» TASK REQUIREMENTS: Which lines below contain "down"? Copy every one of them.

» DATA PROVIDED:
______________________________

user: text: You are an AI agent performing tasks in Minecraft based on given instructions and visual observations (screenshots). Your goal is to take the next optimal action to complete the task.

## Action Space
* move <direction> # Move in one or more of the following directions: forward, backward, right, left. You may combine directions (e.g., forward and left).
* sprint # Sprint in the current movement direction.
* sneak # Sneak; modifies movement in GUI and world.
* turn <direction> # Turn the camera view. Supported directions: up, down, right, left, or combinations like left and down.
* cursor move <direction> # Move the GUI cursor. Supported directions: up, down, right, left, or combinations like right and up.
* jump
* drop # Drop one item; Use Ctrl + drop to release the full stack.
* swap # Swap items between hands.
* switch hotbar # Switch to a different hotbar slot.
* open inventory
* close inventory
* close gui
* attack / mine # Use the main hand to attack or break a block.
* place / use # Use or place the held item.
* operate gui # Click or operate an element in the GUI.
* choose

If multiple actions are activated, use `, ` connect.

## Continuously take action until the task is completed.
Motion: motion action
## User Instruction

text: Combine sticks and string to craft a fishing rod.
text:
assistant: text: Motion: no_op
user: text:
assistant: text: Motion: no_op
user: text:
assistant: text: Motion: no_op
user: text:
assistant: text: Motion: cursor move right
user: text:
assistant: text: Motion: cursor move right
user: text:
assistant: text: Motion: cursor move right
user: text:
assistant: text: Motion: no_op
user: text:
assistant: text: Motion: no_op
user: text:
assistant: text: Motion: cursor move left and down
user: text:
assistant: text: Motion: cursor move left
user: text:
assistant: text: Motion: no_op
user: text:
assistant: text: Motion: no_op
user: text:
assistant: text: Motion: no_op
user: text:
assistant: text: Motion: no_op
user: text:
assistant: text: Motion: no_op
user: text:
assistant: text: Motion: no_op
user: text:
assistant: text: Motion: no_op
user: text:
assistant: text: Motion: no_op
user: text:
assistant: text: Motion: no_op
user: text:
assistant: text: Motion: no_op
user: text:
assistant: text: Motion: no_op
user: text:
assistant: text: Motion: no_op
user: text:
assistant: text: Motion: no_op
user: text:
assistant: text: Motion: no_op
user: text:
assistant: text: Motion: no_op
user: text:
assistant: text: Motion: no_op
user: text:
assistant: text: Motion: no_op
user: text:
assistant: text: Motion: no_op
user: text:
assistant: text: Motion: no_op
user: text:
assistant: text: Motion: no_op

______________________________

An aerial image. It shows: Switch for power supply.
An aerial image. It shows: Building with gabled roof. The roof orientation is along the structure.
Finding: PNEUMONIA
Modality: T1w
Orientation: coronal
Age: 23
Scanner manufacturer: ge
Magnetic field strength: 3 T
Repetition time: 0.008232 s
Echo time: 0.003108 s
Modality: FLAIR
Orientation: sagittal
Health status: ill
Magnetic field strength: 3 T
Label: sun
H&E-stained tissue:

______________________________

» THE ANSWER:
* turn <direction> # Turn the camera view. Supported directions: up, down, right, left, or combinations like left and down.
* cursor move <direction> # Move the GUI cursor. Supported directions: up, down, right, left, or combinations like right and up.
assistant: text: Motion: cursor move left and down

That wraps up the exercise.